Starting at the line below holding "land cover: Grassland" and stopping at the line holding "longitude: -4.4511", print every line exactly, both ends included, and leave the rest out.

* _RECORDS FOR PROCESSING_
<<<<
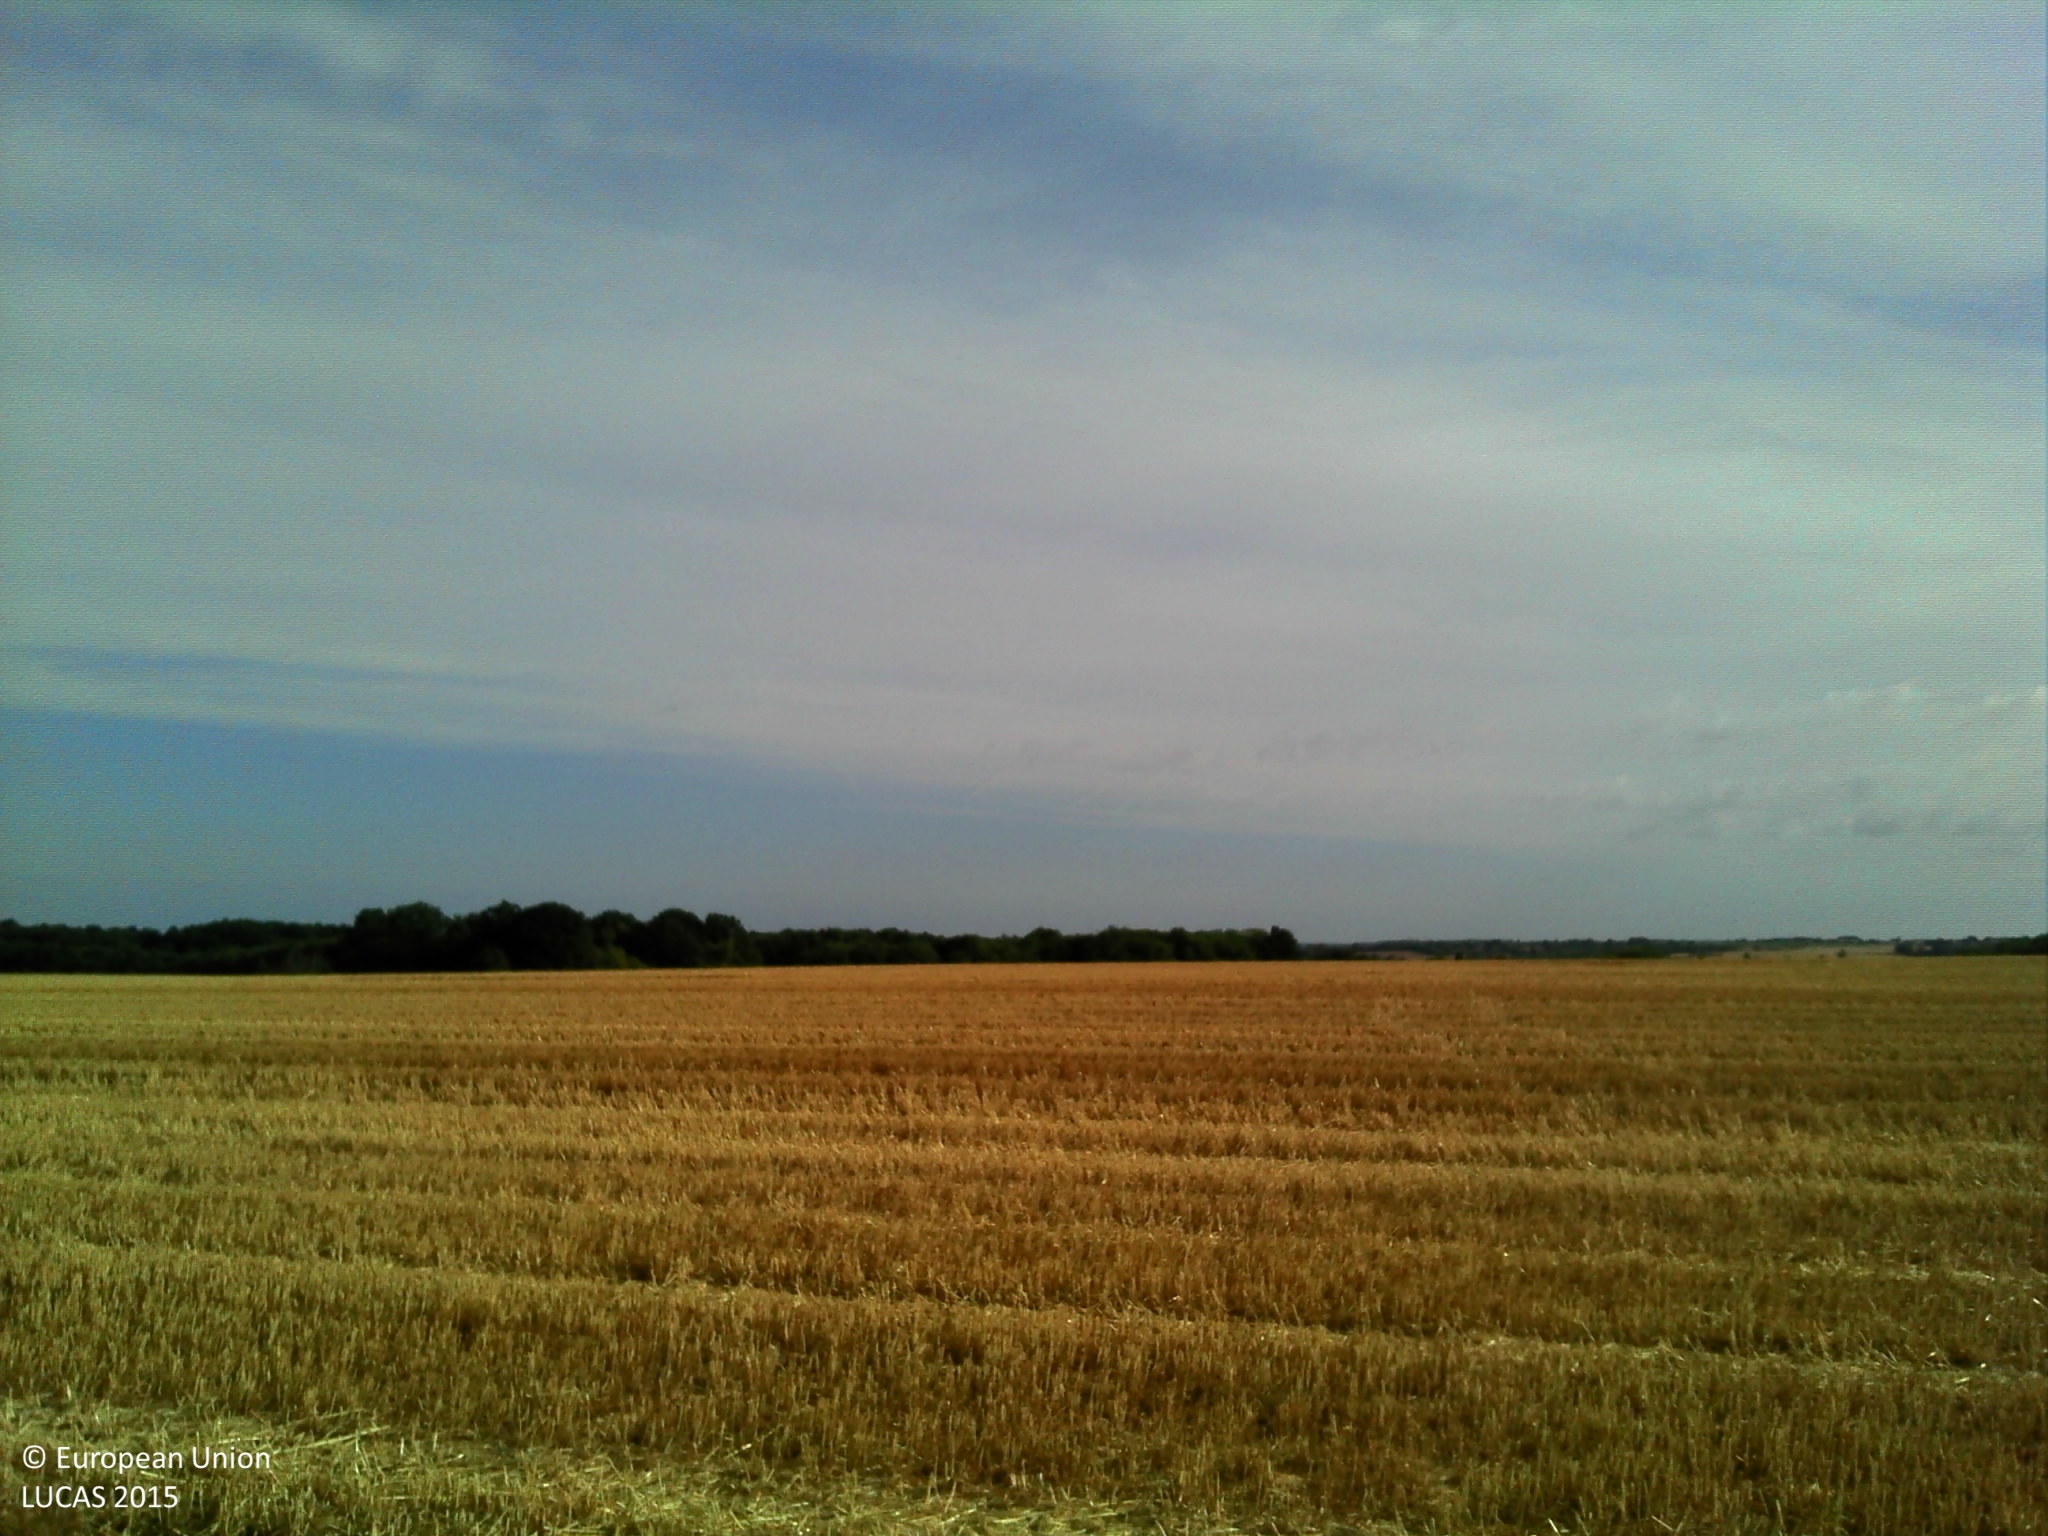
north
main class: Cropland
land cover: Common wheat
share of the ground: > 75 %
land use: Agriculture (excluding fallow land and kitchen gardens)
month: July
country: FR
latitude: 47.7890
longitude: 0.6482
>>>>
<<<<
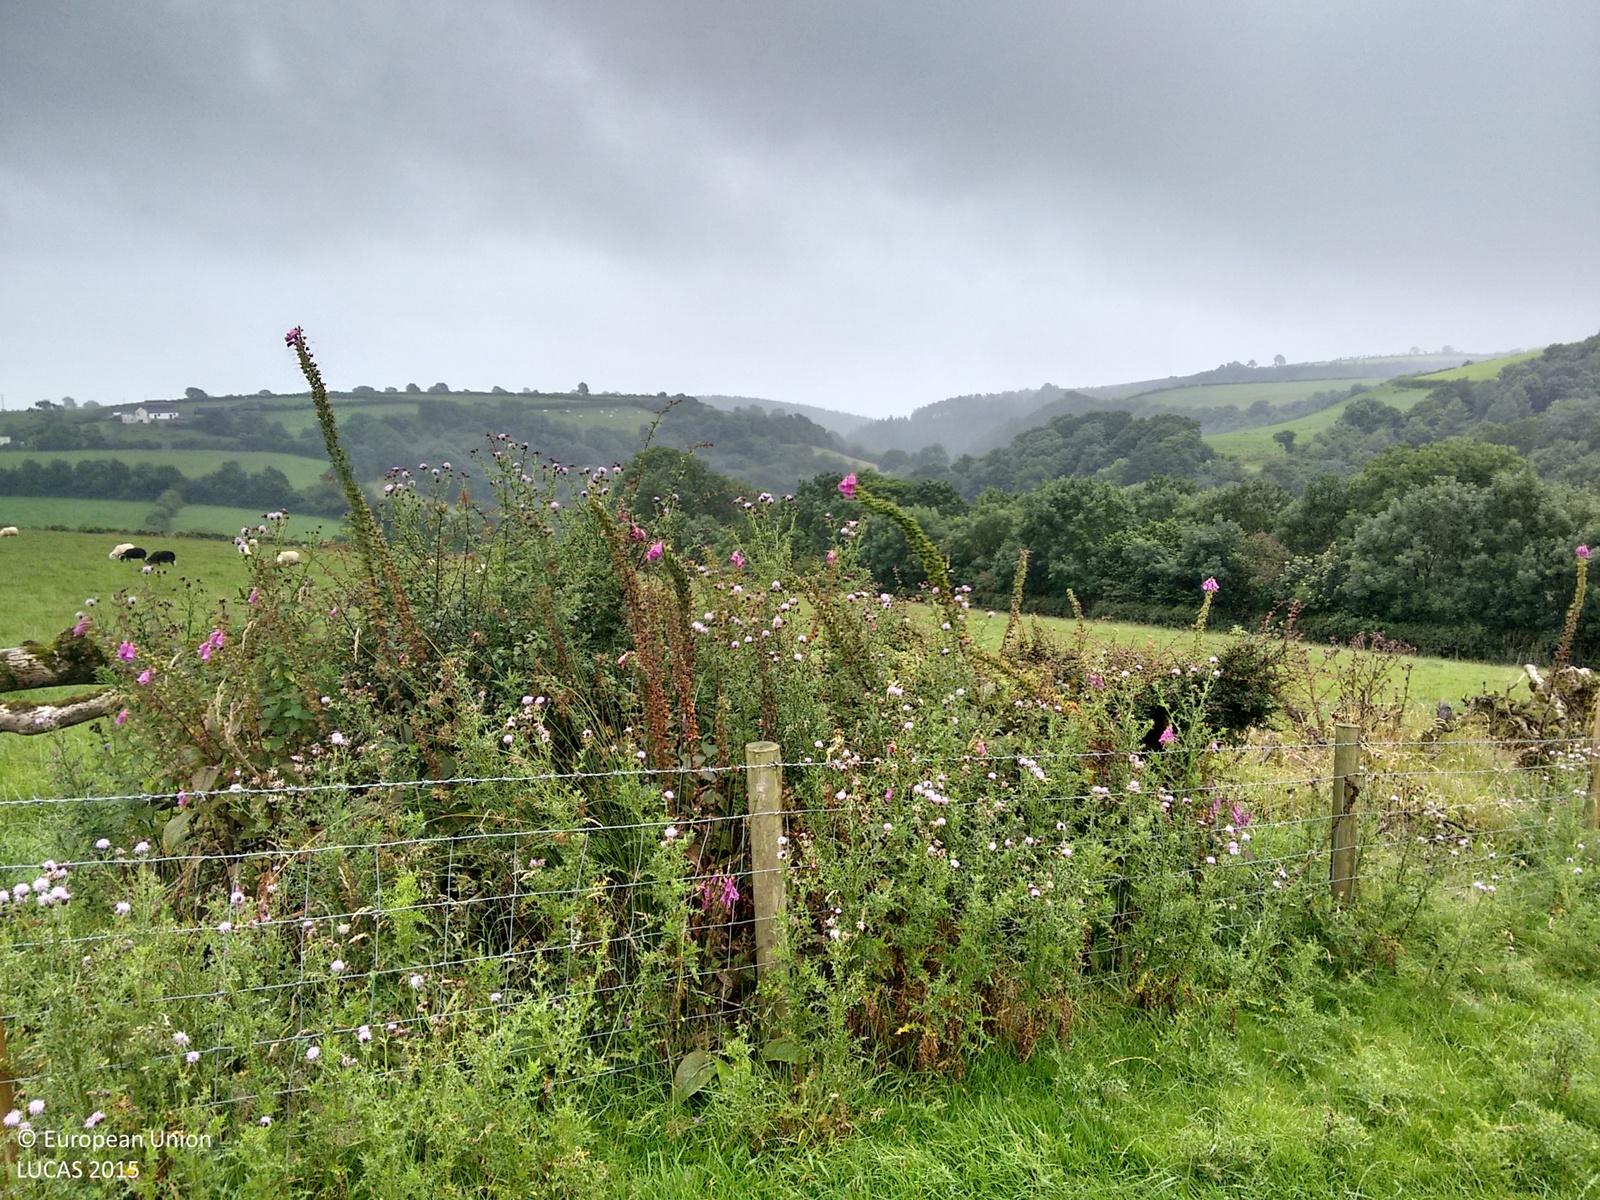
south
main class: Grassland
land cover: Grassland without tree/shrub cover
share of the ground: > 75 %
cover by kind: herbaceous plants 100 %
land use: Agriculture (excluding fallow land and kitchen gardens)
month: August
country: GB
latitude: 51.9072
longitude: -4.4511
>>>>
<<<<
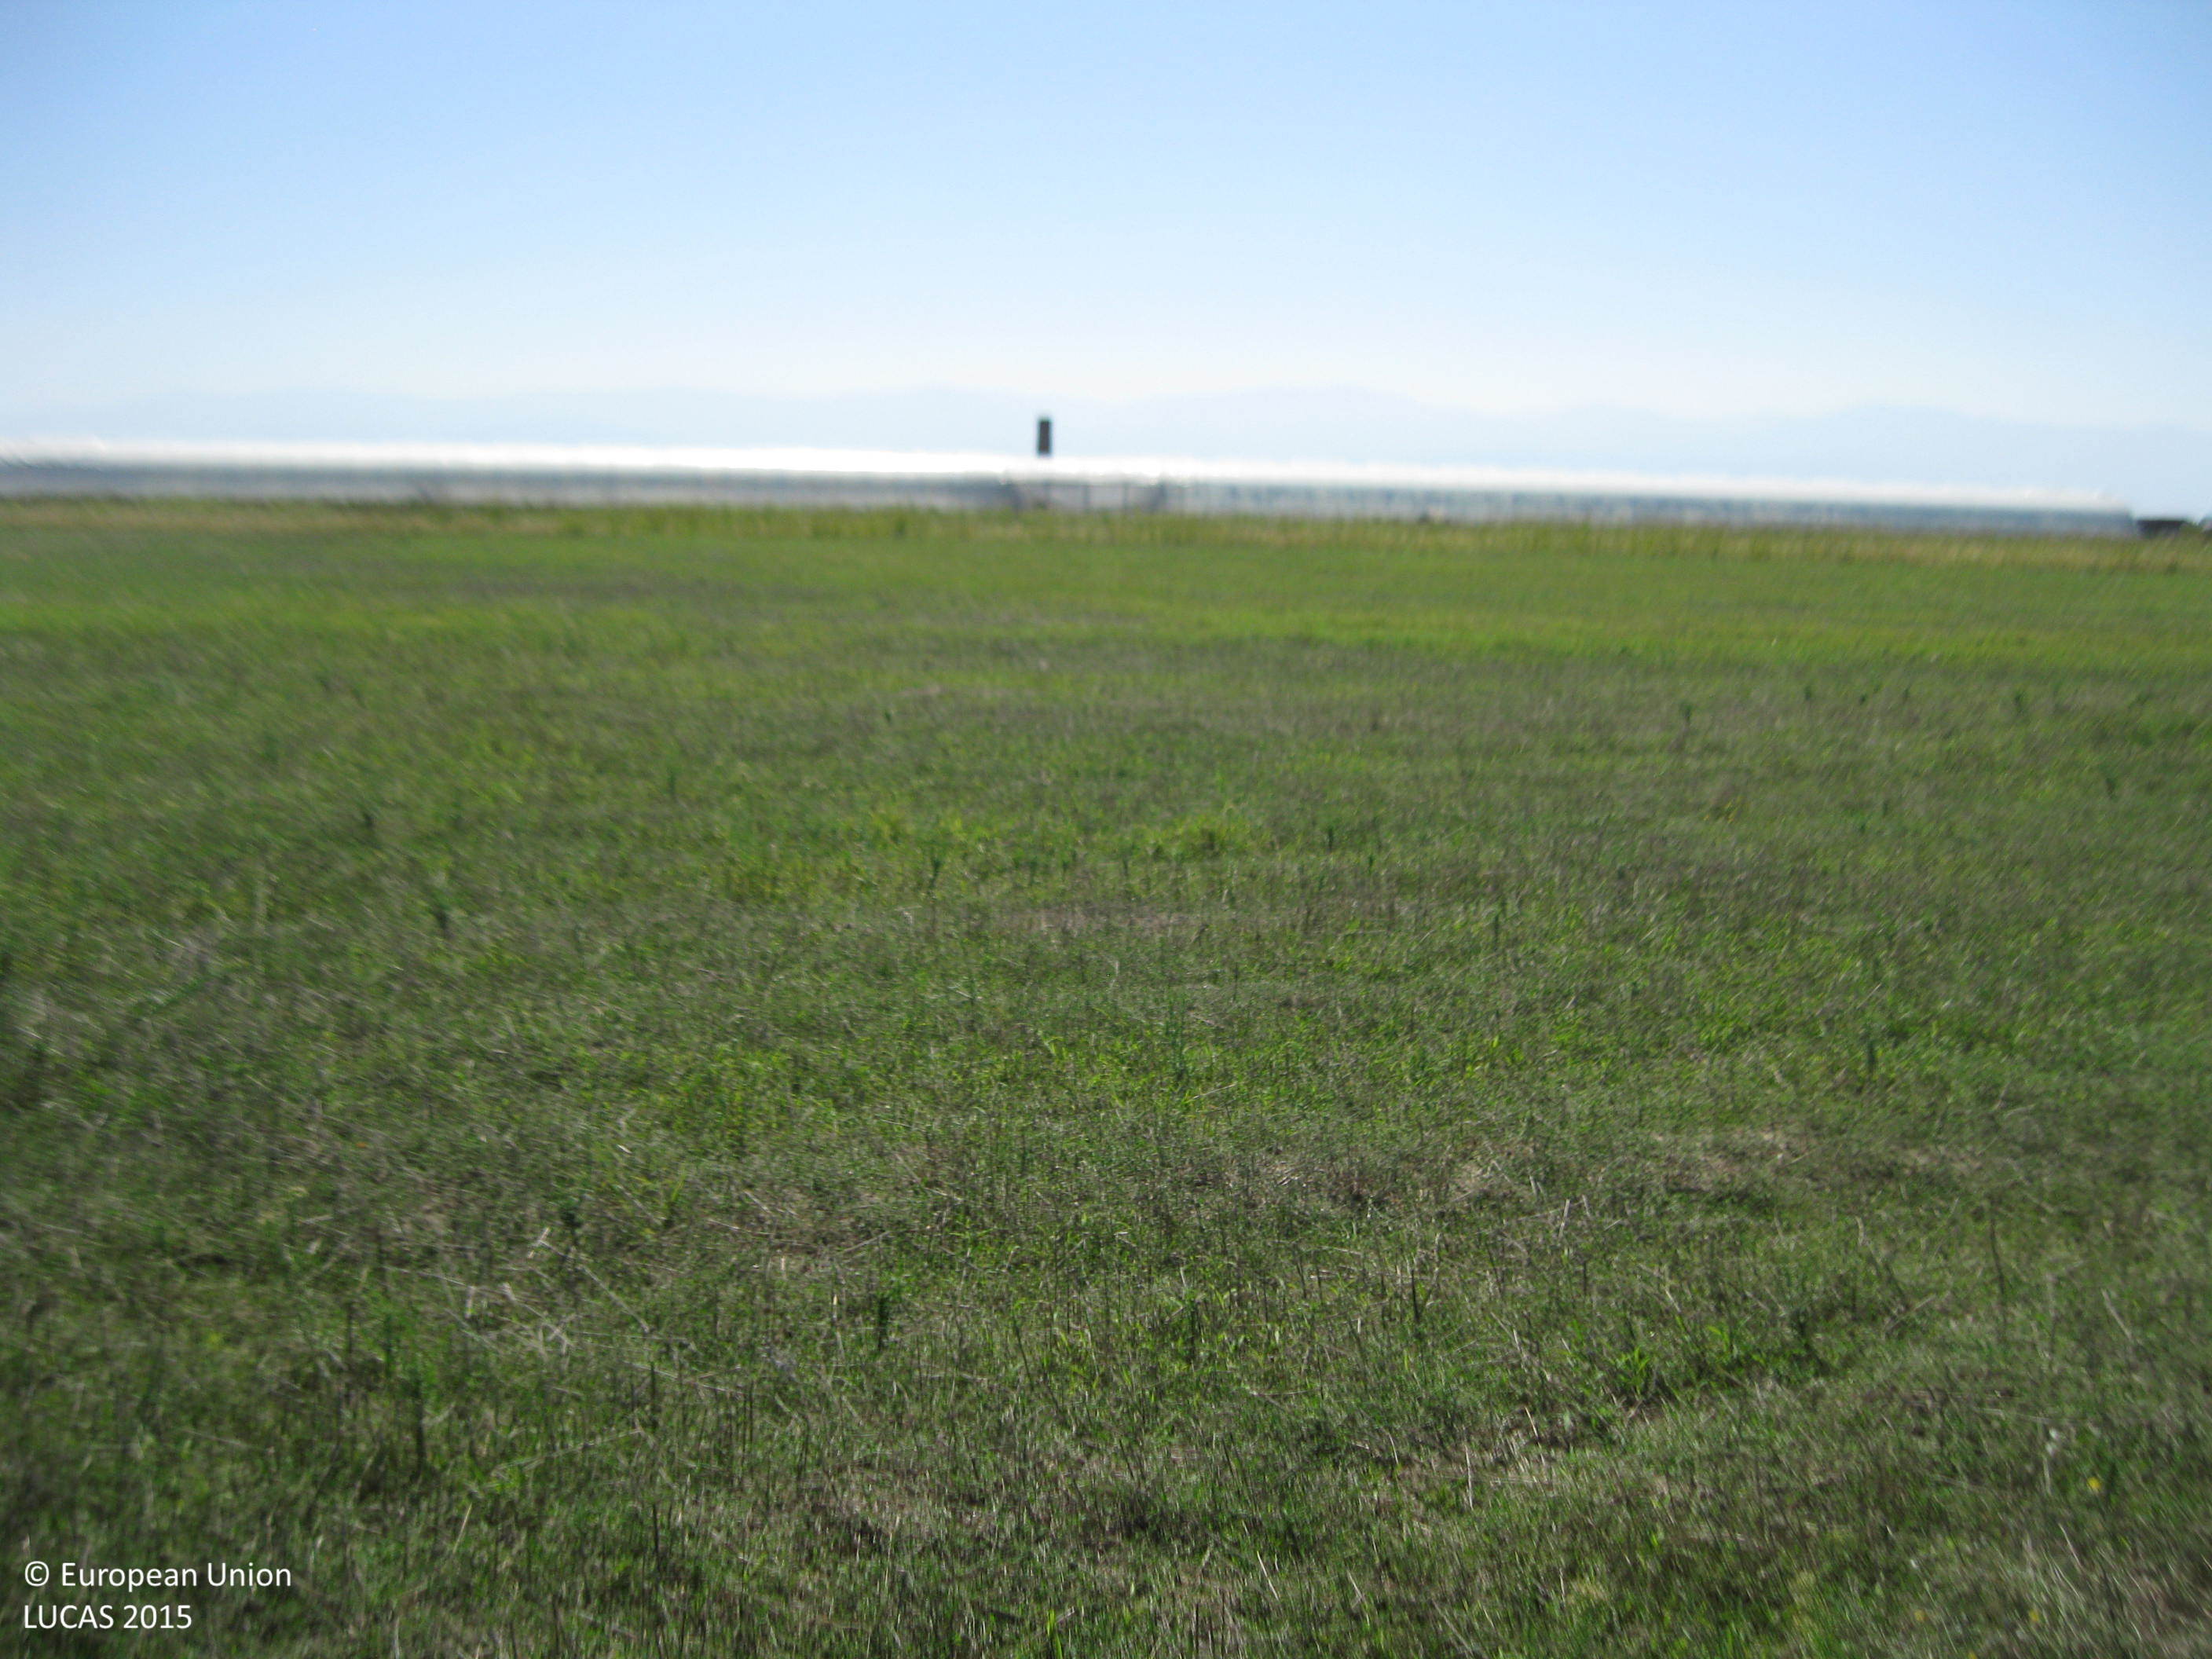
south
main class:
>>>>
* _OUTPUT BELOW_
land cover: Grassland without tree/shrub cover
share of the ground: > 75 %
cover by kind: herbaceous plants 100 %
land use: Agriculture (excluding fallow land and kitchen gardens)
month: August
country: GB
latitude: 51.9072
longitude: -4.4511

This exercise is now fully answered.